(Collected data entries)
========================================

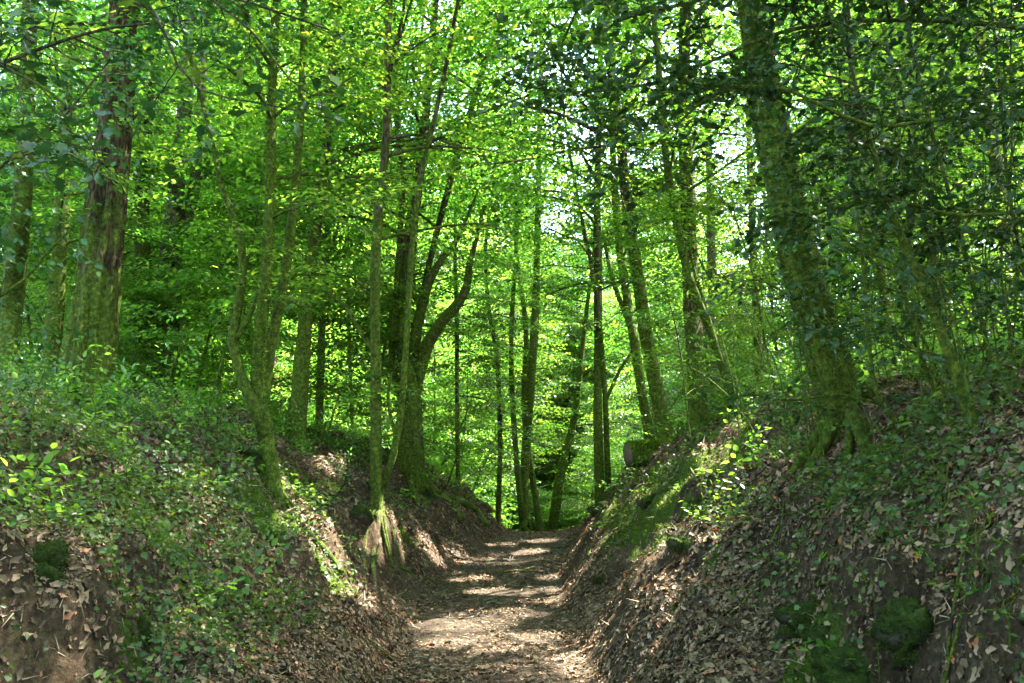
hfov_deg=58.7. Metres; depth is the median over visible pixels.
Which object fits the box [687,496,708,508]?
mossy clod
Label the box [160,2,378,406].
young tree
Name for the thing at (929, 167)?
tree
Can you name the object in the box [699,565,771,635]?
dead stick
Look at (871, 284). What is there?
bare stem
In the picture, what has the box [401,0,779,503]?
tree
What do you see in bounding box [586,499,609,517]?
mossy clod
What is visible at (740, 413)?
bare stem
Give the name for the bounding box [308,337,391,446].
sapling
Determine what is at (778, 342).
sapling
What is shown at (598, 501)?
moss
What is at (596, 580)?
mossy clod
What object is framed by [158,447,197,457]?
dead stick
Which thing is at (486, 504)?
root
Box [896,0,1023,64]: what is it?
tree
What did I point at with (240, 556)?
dead stick
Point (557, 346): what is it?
tree
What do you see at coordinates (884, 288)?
bare stem
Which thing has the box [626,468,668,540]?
dead stick
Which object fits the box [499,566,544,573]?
dead stick
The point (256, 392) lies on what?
tree
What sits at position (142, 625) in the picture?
mossy stone
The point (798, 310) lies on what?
bare stem
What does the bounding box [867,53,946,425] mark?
bare stem
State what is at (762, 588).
dead stick
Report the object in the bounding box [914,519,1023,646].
seedling
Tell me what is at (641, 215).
beech sapling
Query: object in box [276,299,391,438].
sapling
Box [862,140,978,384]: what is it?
bare stem
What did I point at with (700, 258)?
tree
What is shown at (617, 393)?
tree
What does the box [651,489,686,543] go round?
dead stick
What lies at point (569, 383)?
tree
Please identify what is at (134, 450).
seedling
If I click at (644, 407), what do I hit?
tree
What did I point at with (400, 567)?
dead stick
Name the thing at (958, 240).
tree
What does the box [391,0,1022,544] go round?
tree
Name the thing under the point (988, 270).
bare stem
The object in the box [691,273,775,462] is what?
bare stem
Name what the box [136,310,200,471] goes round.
seedling
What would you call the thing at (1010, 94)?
bare stem
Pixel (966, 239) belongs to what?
tree
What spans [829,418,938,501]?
dead stick
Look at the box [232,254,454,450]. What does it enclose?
beech sapling
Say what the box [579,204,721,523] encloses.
tree
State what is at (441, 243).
tree
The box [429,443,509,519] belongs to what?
sapling
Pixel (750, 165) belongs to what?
tree
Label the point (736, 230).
tree
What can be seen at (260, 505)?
dead stick
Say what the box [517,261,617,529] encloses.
tree
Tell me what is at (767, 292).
tree
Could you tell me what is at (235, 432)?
seedling
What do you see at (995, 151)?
tree
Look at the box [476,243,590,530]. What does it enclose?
tree
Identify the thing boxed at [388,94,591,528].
tree
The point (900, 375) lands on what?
dead stick
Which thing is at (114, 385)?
seedling
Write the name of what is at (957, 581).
stem
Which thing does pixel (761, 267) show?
bare stem
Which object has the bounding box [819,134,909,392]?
bare stem
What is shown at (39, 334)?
young tree
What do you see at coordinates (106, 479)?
dead stick
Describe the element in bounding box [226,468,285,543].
root
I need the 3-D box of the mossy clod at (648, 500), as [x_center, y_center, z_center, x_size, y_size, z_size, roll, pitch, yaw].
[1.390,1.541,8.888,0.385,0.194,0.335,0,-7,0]
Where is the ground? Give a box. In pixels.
[0,330,1023,682]
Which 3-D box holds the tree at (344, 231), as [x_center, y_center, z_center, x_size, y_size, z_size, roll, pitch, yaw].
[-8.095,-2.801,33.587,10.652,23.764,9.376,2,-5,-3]
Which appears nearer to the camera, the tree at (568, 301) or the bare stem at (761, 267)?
the bare stem at (761, 267)
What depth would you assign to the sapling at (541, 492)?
37.89 m
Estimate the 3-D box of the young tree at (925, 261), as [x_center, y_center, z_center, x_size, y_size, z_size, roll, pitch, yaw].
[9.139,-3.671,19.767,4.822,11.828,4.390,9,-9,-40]
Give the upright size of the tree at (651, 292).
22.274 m
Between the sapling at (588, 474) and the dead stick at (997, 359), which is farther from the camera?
the sapling at (588, 474)
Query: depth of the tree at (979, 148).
17.08 m
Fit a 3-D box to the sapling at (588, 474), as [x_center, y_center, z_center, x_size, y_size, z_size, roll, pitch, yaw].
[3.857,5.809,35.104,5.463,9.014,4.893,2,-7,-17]
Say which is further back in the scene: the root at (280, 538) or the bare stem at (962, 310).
the root at (280, 538)
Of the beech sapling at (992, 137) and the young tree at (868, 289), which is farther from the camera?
the young tree at (868, 289)
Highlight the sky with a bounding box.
[0,0,1023,397]
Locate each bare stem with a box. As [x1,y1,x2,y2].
[615,148,810,436]
[619,183,783,458]
[635,360,768,450]
[665,223,761,472]
[671,203,775,452]
[688,259,786,453]
[691,172,1014,416]
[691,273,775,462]
[697,262,829,493]
[701,202,820,478]
[715,177,812,482]
[723,22,944,419]
[728,256,875,464]
[733,288,881,463]
[742,251,963,373]
[749,307,857,501]
[757,161,939,405]
[771,79,838,331]
[792,114,918,419]
[811,211,931,344]
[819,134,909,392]
[820,216,969,362]
[824,143,1002,348]
[828,148,897,372]
[837,224,930,377]
[842,20,1020,425]
[842,201,987,370]
[844,150,884,378]
[846,22,999,366]
[857,136,994,362]
[860,241,1015,422]
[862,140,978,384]
[864,207,1023,266]
[866,104,1023,182]
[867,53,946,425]
[869,30,1011,354]
[870,187,986,440]
[874,132,947,382]
[889,62,1023,241]
[917,153,1022,230]
[923,183,1015,358]
[931,173,1023,192]
[943,131,1010,380]
[951,182,1021,376]
[953,105,1023,380]
[966,84,1011,335]
[968,202,1023,293]
[974,9,1023,202]
[974,172,1023,227]
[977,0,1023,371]
[988,179,1023,354]
[996,66,1023,133]
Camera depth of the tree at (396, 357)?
40.55 m
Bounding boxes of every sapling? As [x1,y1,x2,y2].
[0,0,232,393]
[0,111,126,370]
[0,197,174,383]
[32,129,317,401]
[52,261,251,396]
[119,100,373,405]
[187,41,438,435]
[190,135,390,410]
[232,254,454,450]
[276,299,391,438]
[279,345,340,424]
[280,380,363,435]
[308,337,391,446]
[339,188,551,521]
[382,275,540,530]
[382,289,548,488]
[385,278,539,483]
[421,372,514,489]
[426,259,586,497]
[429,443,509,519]
[502,484,587,529]
[531,380,637,523]
[557,486,594,528]
[558,377,642,529]
[564,352,683,519]
[571,440,622,509]
[577,256,687,467]
[592,175,771,451]
[602,294,779,435]
[612,60,897,385]
[613,295,739,474]
[616,354,686,461]
[633,158,844,397]
[634,301,785,439]
[646,31,973,422]
[646,255,794,426]
[669,342,780,433]
[726,302,804,377]
[761,0,1023,356]
[769,1,1008,378]
[846,31,1023,328]
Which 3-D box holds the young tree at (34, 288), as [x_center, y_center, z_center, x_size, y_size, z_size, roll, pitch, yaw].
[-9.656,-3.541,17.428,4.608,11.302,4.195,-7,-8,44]
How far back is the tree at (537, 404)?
47.99 m
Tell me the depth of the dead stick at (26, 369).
6.77 m
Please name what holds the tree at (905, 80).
on the ground
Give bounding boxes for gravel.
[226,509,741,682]
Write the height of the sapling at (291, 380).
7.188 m
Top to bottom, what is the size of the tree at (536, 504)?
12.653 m
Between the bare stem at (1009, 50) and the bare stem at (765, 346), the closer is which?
the bare stem at (1009, 50)
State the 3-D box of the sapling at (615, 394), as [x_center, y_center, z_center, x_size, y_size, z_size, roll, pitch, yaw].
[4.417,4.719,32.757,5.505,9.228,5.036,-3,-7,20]
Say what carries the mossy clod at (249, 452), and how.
on the ground
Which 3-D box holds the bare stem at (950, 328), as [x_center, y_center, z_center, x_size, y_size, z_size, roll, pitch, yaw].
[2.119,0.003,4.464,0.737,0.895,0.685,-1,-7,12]
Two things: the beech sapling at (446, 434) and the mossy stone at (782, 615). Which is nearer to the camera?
the mossy stone at (782, 615)
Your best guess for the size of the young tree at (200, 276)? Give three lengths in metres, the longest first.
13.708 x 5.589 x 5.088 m
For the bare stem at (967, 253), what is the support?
on the ground
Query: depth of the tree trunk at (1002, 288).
4.84 m
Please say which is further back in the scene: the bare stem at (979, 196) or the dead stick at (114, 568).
the bare stem at (979, 196)
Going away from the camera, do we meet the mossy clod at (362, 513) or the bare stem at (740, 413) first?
the bare stem at (740, 413)
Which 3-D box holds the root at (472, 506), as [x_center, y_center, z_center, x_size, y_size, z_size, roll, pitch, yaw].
[-0.707,2.993,15.959,0.561,0.734,2.550,0,-7,4]
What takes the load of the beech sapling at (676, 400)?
on the ground
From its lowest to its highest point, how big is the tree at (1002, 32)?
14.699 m
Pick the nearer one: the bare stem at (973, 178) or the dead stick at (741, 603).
the dead stick at (741, 603)
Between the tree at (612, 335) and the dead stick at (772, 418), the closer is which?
the dead stick at (772, 418)
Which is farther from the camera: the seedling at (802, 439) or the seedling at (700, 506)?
the seedling at (700, 506)
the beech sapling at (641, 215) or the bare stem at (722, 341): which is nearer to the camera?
the bare stem at (722, 341)
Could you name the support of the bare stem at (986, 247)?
on the ground
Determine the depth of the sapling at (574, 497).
37.48 m
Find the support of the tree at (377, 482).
on the ground
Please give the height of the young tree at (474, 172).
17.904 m
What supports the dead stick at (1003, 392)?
on the ground
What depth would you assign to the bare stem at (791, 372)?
5.70 m
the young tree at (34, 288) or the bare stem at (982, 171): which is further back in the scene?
the young tree at (34, 288)
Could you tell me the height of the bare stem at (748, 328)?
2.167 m
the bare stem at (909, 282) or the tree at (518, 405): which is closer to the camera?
the bare stem at (909, 282)
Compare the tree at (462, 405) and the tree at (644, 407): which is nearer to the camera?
the tree at (644, 407)
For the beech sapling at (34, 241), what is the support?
on the ground
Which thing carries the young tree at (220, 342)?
on the ground
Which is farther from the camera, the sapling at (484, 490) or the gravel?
the sapling at (484, 490)
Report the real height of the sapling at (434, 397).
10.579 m
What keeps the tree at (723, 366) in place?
on the ground
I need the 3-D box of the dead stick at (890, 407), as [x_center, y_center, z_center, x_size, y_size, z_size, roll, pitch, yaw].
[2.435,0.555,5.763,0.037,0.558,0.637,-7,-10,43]
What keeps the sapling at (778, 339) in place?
on the ground
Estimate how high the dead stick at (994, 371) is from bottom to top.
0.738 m
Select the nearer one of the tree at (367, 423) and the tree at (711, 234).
the tree at (711, 234)
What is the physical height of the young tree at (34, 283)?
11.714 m
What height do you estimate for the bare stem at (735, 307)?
2.186 m
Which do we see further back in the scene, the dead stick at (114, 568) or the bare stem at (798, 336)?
the bare stem at (798, 336)
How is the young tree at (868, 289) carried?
on the ground
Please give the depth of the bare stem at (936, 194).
5.07 m
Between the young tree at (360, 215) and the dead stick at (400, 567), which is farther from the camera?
the young tree at (360, 215)
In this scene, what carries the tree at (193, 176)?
on the ground
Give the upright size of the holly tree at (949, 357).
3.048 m
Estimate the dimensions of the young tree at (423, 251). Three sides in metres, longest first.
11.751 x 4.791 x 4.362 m
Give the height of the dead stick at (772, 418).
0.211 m
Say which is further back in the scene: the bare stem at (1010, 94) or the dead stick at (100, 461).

========================================

[WORK ITEM]
Beginning at the line that holds "Estimate the dimensions", reproduce each line of the records above down to and including the last one.

[ANSWER SPACE]
Estimate the dimensions of the young tree at (423, 251). Three sides in metres, longest first.
11.751 x 4.791 x 4.362 m
Give the height of the dead stick at (772, 418).
0.211 m
Say which is further back in the scene: the bare stem at (1010, 94) or the dead stick at (100, 461).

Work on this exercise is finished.